Update on single dispatch benchmark comparison to C++

cxx
benchmark

#1

Hi,

I’m making an update of the benchmarks I had ran back in 2015, comparing the performance of Julia dispatch on single argument against C++ dispatch: https://groups.google.com/forum/#!topic/julia-users/pTywc8Lcd28
The code is in here: https://github.com/cdsousa/SingleDispatchJuliaVsCXX.

Output of C++:

concr
0.001477 seconds
abstr
0.007114 seconds
(sum=500000500000)

Output of Julia Nighty (0.7.0-DEV.2587):

concr
  0.000758 seconds
abstr
  0.027950 seconds (999.49 k allocations: 15.251 MiB)
manual dispatch
  0.007648 seconds
union
  0.008517 seconds
(sum=500000500000)

And output of Julia 0.6.1:

concr
  0.000535 seconds
abstr
  0.030308 seconds (999.49 k allocations: 15.251 MiB)
manual dispatch
  0.008486 seconds
union
  0.037312 seconds (999.49 k allocations: 15.251 MiB, 24.76% gc time)
(sum=500000500000)

Legend:

  • concr means no dispatch (concrete type known at compile time)
  • abstr means dispatching from an abstract (base) type reference
  • manual means dispatching “by hand” using if/else blocks over the return of typeof
  • union means dispatching from a union of the two concrete types

I’m very happy with the times for the Union case! I think we can say it is almost on par with C++ vtable.
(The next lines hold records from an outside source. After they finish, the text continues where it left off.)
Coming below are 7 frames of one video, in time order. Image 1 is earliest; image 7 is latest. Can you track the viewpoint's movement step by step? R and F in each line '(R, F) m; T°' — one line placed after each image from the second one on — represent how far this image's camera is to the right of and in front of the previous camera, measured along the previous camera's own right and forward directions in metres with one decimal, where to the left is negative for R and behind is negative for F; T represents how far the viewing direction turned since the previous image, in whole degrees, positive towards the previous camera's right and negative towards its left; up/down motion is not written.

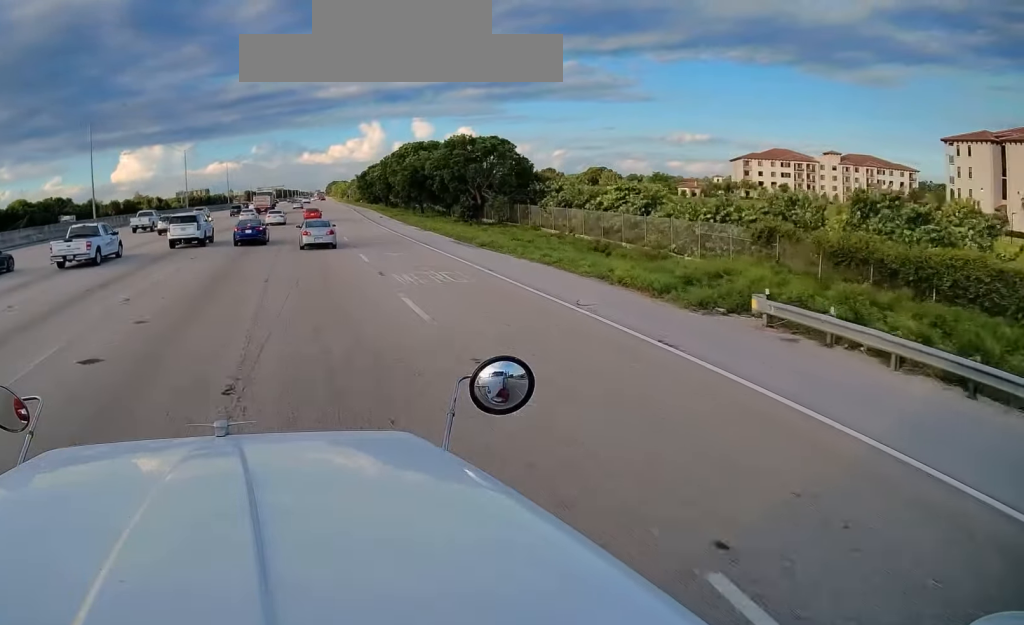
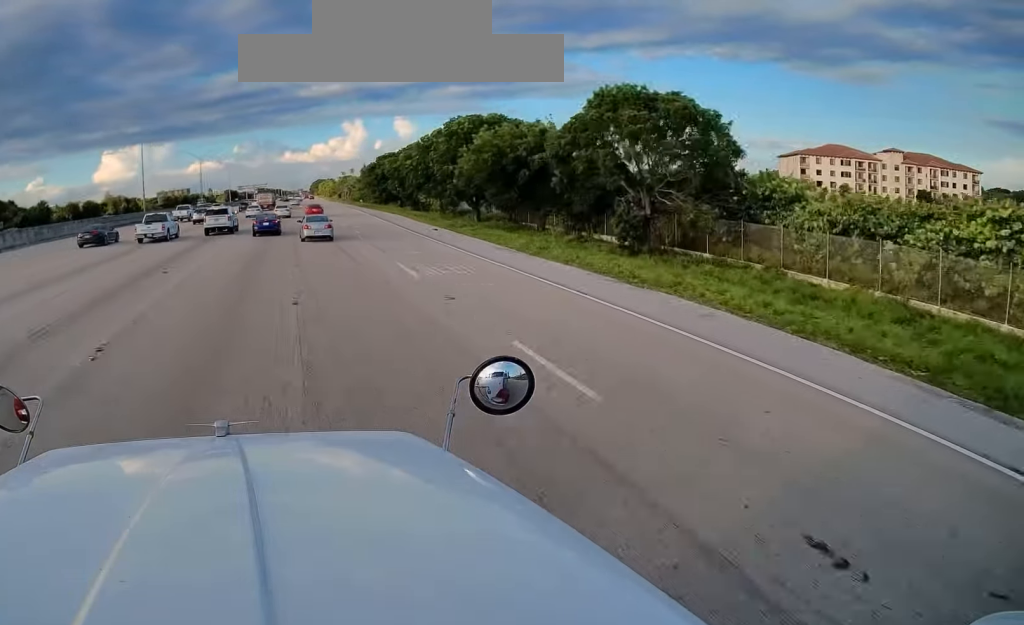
(+0.1, +30.5) m; 0°
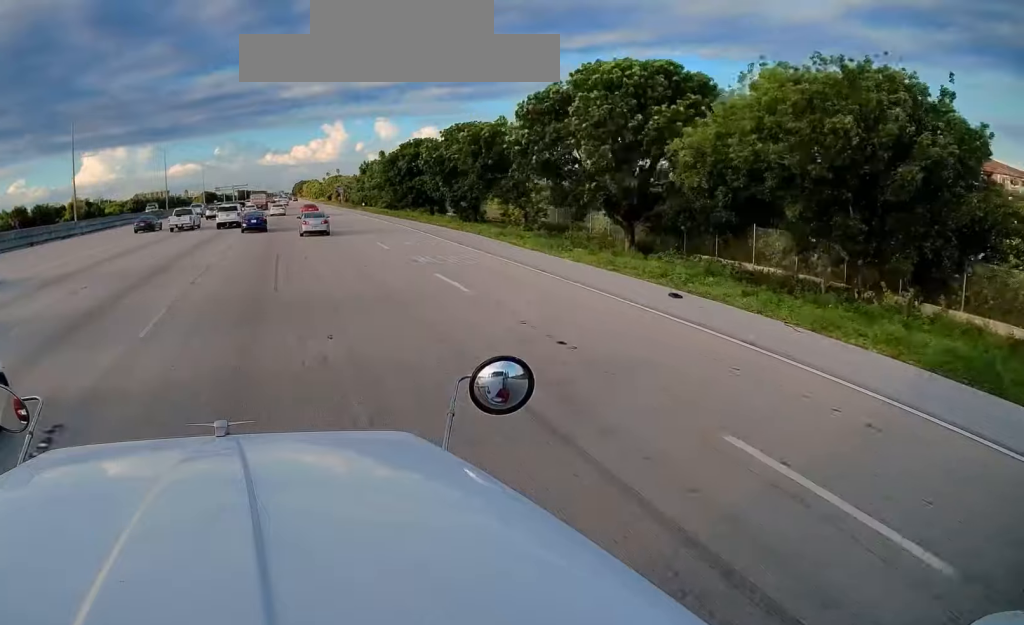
(+0.3, +30.1) m; +2°
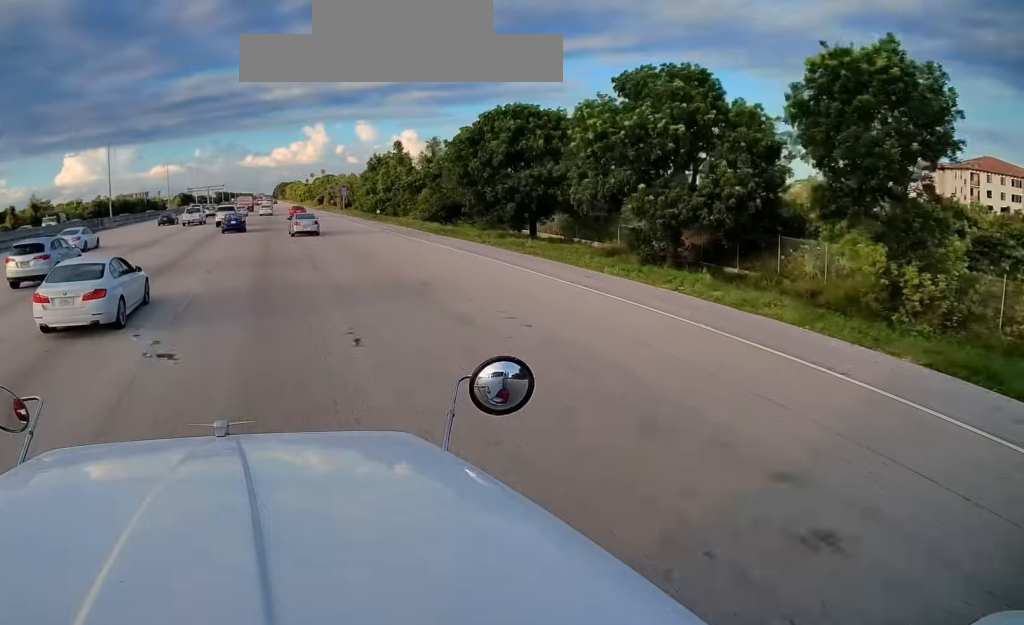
(+0.7, +32.7) m; +3°
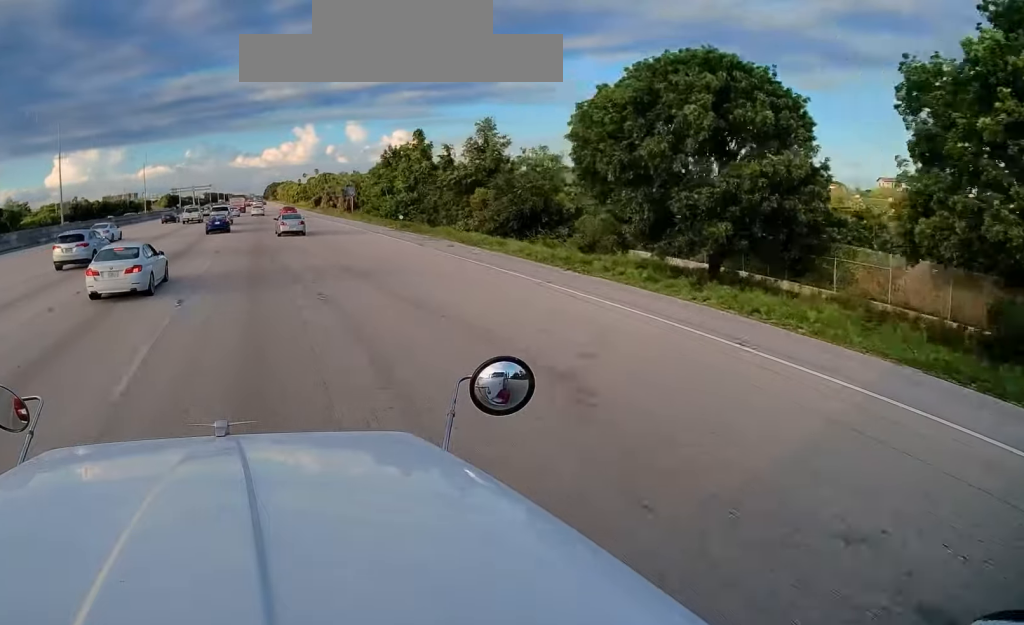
(+0.3, +20.5) m; +1°
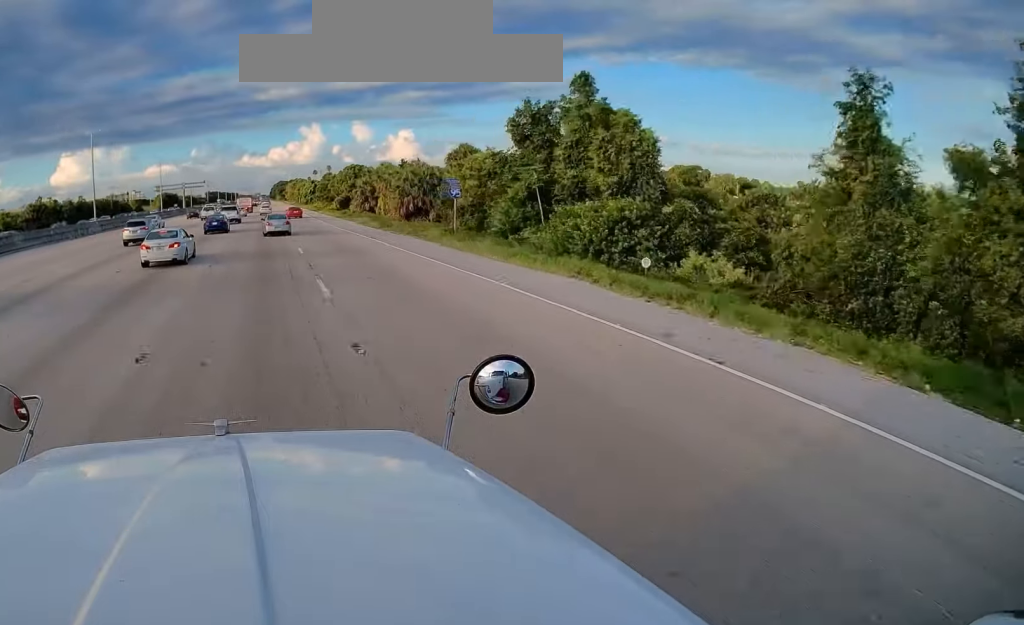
(0.0, +42.7) m; 0°
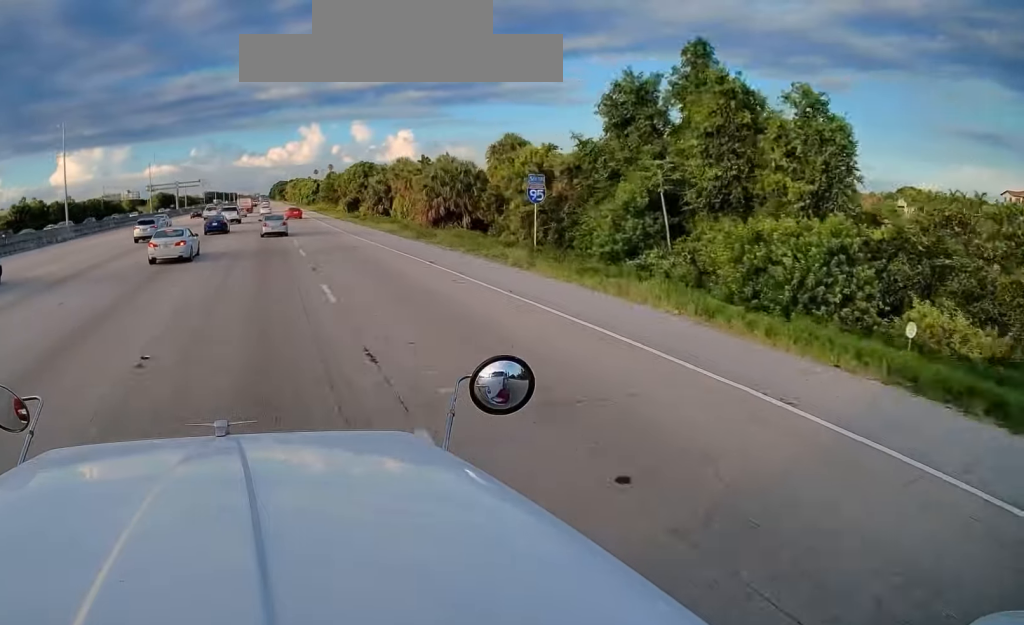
(0.0, +11.7) m; 0°

Update: These times shall be taken with a (lot) grain of salt. See replies bellow.

Update 2: These times do not measure dispatching (at CUP instructions level) alone. They measure a possible algorithm structure using derivative types in more or less idiomatic approaches in two languages. As with almost all benchmarks, a lot of things counts for the timings: compilation optimizations (inlining), cache hittings, branch prediction, etc.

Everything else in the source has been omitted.